[Problem details] Output the records exactly as they appear, with no pictures included.

---- Data supplied

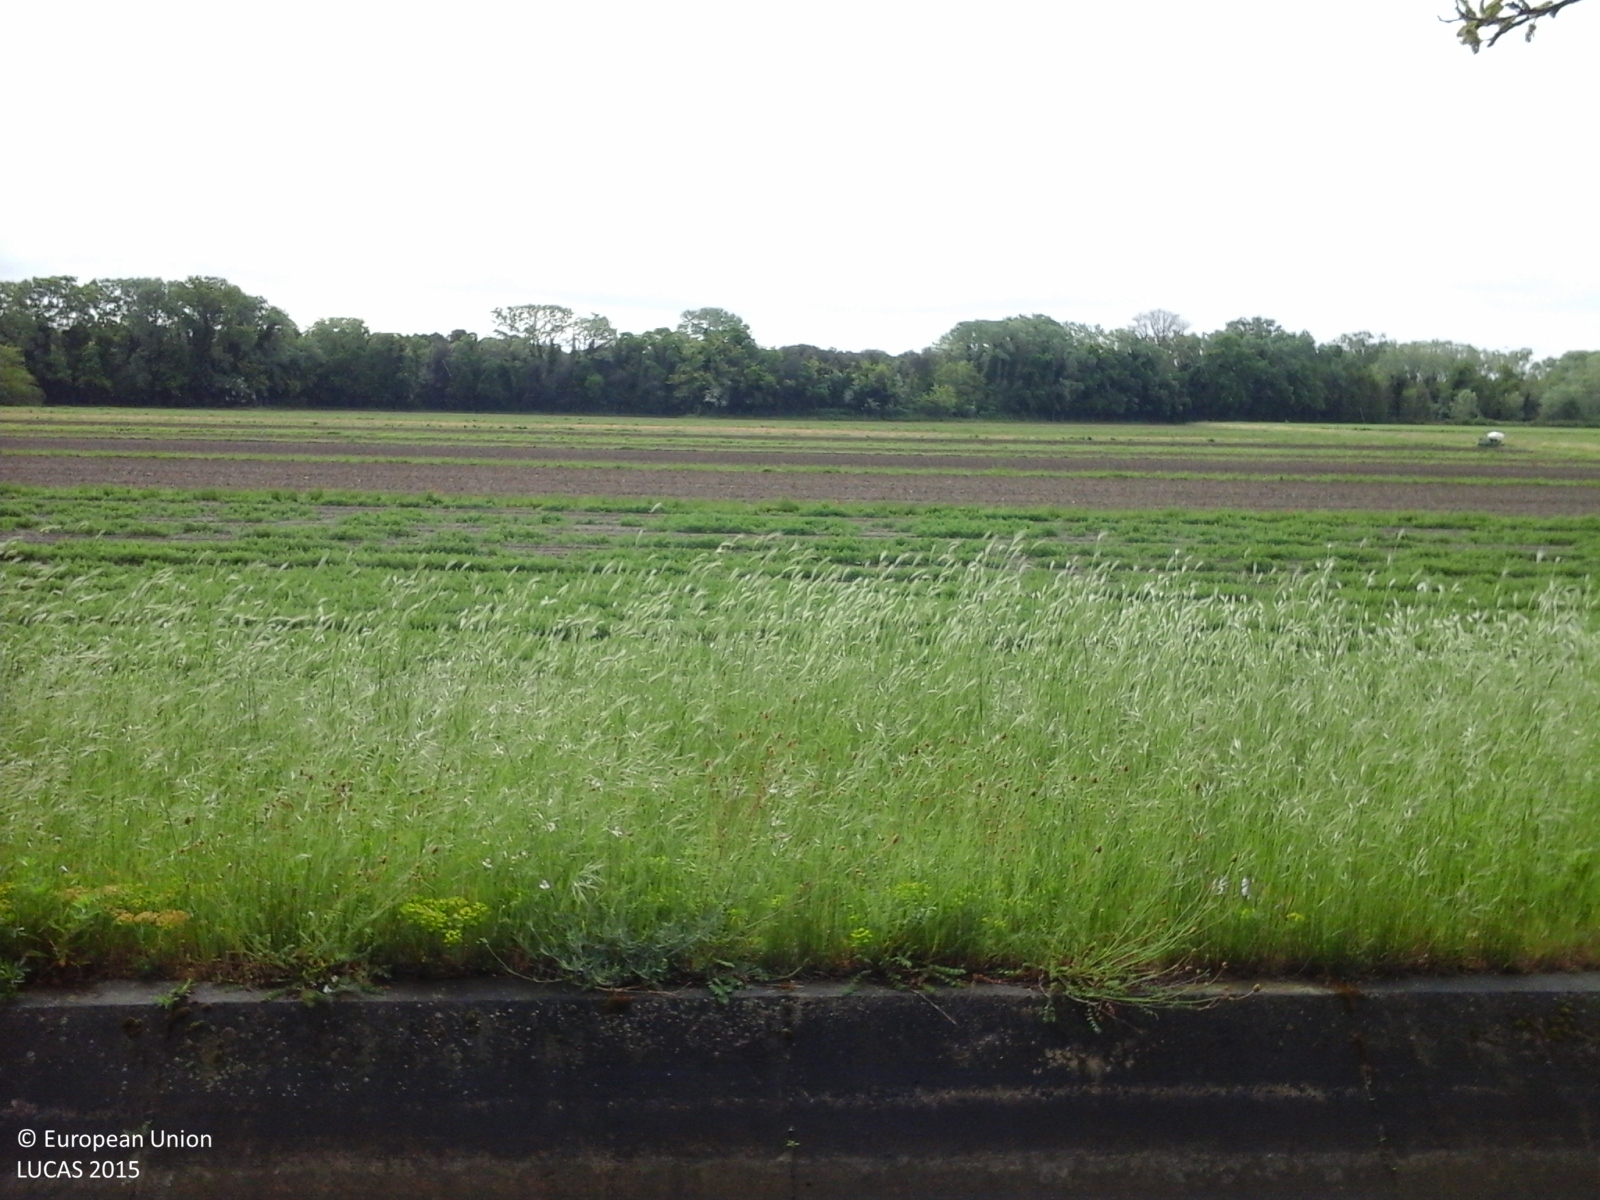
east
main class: Woodland
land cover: Broadleaved woodland
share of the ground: > 75 %
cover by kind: broadleaved forest trees 80 %, herbaceous plants 20 %
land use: Residential
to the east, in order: Broadleaved woodland; Fences; Grass margins; Tracks; Inland fresh running water; Spontaneously vegetated surfaces; Ditches and canals; Grass margins; Other root crops; Grass margins; Ditches and canals; Grass margins; Maize; Grass margins; Ditches and canals; Grass margins; Maize; Ditches and canals; Grass margins; Inland fresh running water; Maize
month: April
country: IT
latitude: 44.8851
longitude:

--------

[Output below]
east
main class: Woodland
land cover: Broadleaved woodland
share of the ground: > 75 %
cover by kind: broadleaved forest trees 80 %, herbaceous plants 20 %
land use: Residential
to the east, in order: Broadleaved woodland; Fences; Grass margins; Tracks; Inland fresh running water; Spontaneously vegetated surfaces; Ditches and canals; Grass margins; Other root crops; Grass margins; Ditches and canals; Grass margins; Maize; Grass margins; Ditches and canals; Grass margins; Maize; Ditches and canals; Grass margins; Inland fresh running water; Maize
month: April
country: IT
latitude: 44.8851
longitude:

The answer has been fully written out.